When Geoffrey Beene introduced Red in 1976, he did so with the same design philosophy that had already made him a celebrated name in American fashion: simplicity, intelligence, and a deep sensitivity to symbolism. The choice of the name Red was no accident. When House Beautiful asked why he had chosen a color for a fragrance name, Beene replied with clarity: “My fragrances are as much fashion statements as the clothes I design. I named my men’s fragrance Grey Flannel because a grey flannel suit on a man has a special aura of success. Red is for women who like to wear red—I think every woman feels special in a red dress.”
Beene’s response reveals the power of color as both a visual and emotional cue. To him, red was not just pigment, but a universal symbol. He explained further: “Simply because, having studied chromatics, color and its effects, I find it both feminine and sensuous...and a color that certainly arouses the senses.” Indeed, the word red derives from Old English rēad, rooted in Proto-Germanic rauthaz, and is one of the oldest color terms in language, deeply connected with primal experiences. Across cultures, red evokes passion, heat, desire, love, courage, and danger. In fashion, a red dress has long symbolized confidence, allure, and power—qualities Beene intended to embody in his fragrance.
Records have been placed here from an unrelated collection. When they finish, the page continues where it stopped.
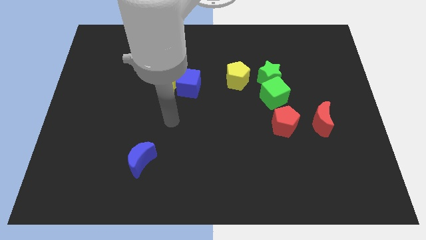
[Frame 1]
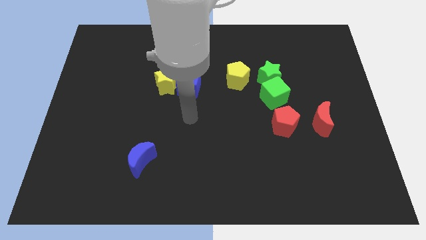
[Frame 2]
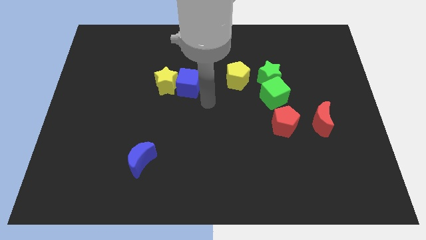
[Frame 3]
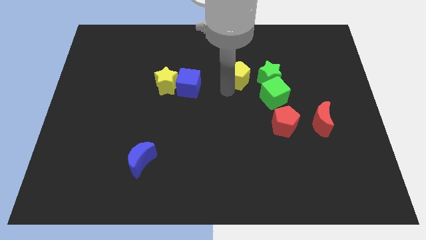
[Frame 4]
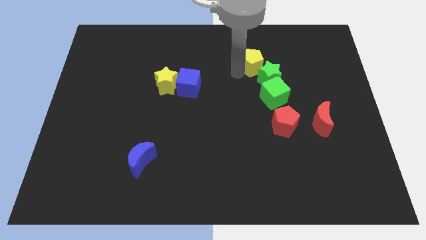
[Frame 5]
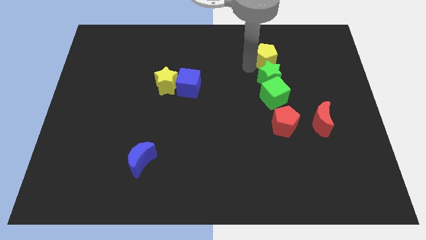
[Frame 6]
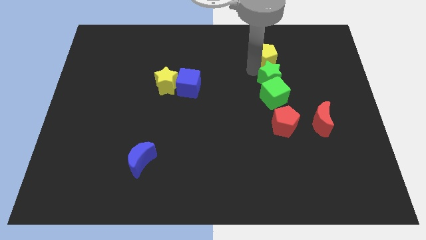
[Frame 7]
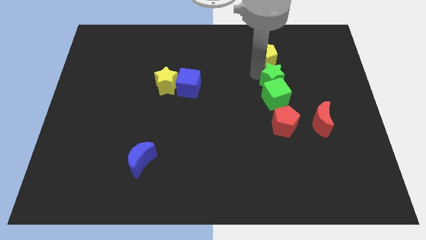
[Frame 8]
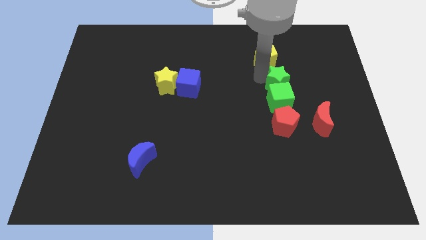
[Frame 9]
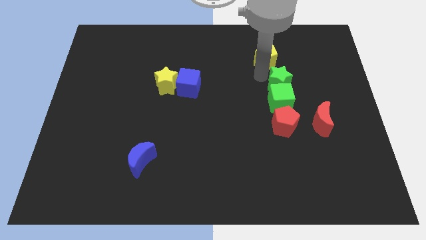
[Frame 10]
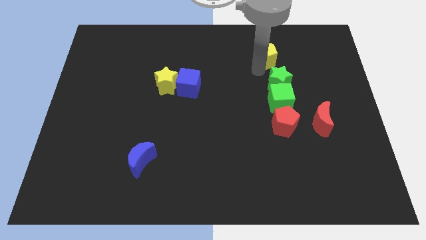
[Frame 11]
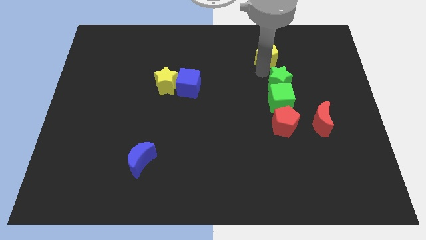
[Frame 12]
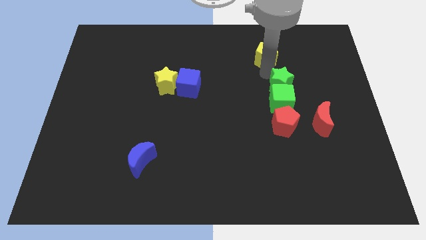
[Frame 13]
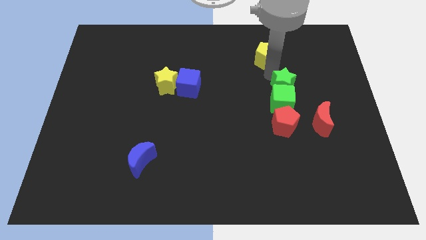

The marketing of Red leaned heavily into this symbolism. The perfume was described as “responding to the call of the wild,” expressing “the elemental woman.” It was portrayed as a bold statement of femininity, with brazen florals such as jasmine and rose, enriched by earthy undertones of patchouli and sandalwood. The copy was direct and unapologetic: “Passionate. Provocative. Red creates quite a stir.”